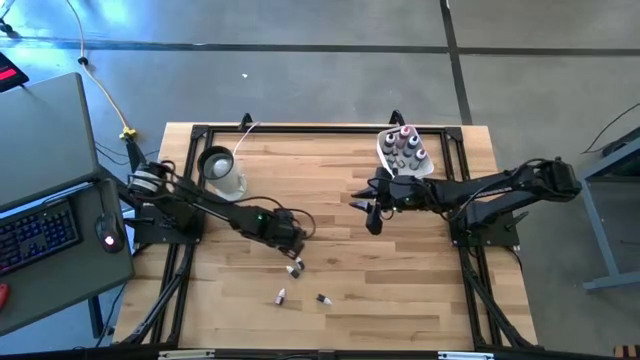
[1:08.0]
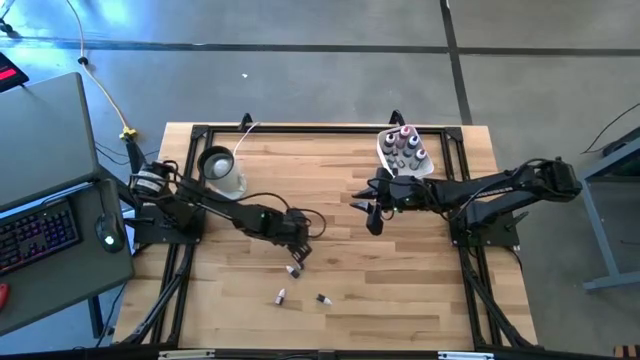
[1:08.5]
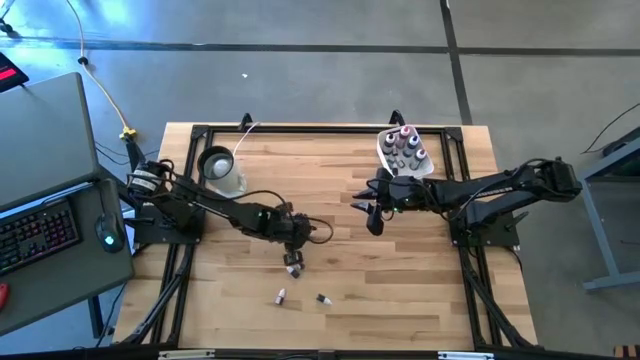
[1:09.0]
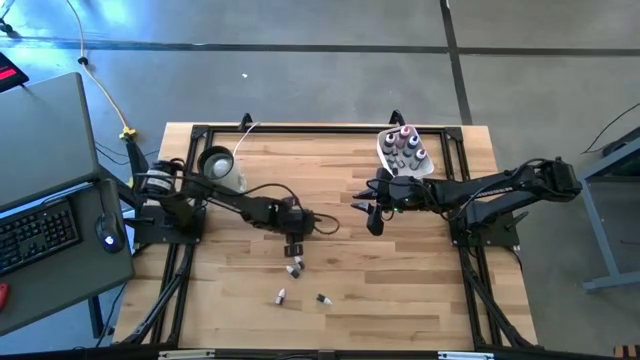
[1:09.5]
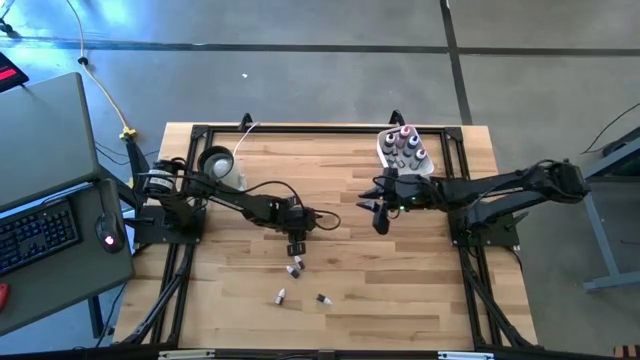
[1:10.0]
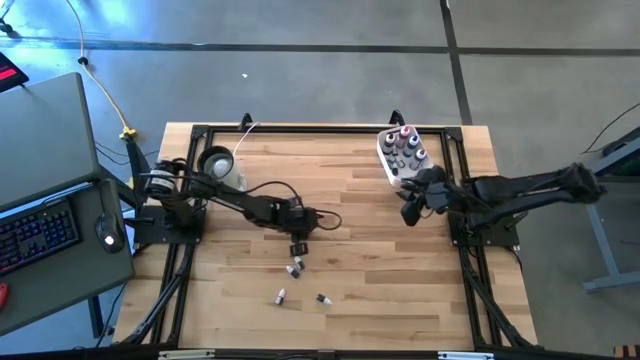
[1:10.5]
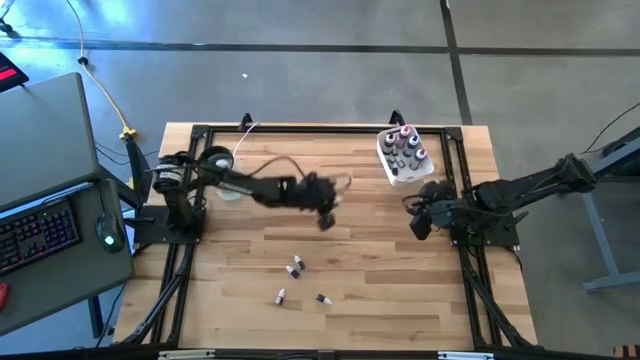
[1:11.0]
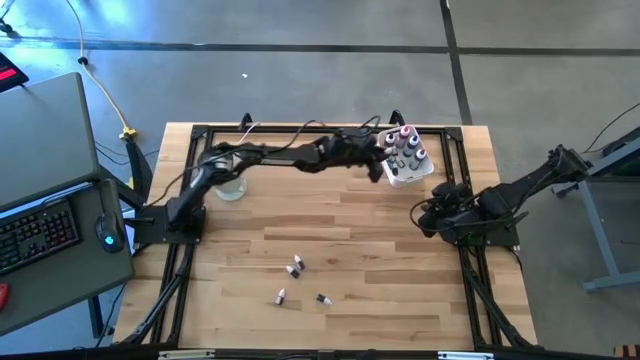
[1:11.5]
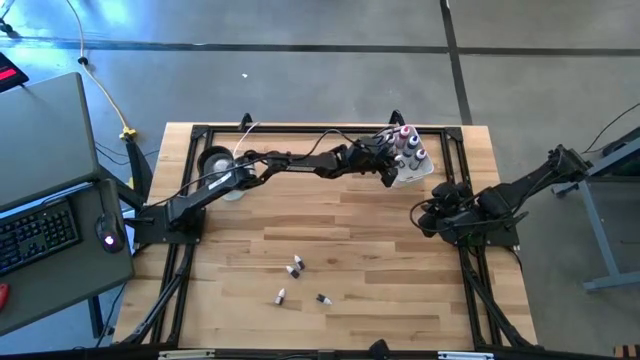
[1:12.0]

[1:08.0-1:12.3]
Put the top small black food coloring bottle into the white bin

+ + + +

• _PROBLEM DETAILS_
When you set down the material above, keep every word exact and include no pictures.

• _REPLY_
[1:08.0]
[1:08.5]
[1:09.0]
[1:09.5]
[1:10.0]
[1:10.5]
[1:11.0]
[1:11.5]
[1:12.0]

[1:08.0-1:12.3]
Put the top small black food coloring bottle into the white bin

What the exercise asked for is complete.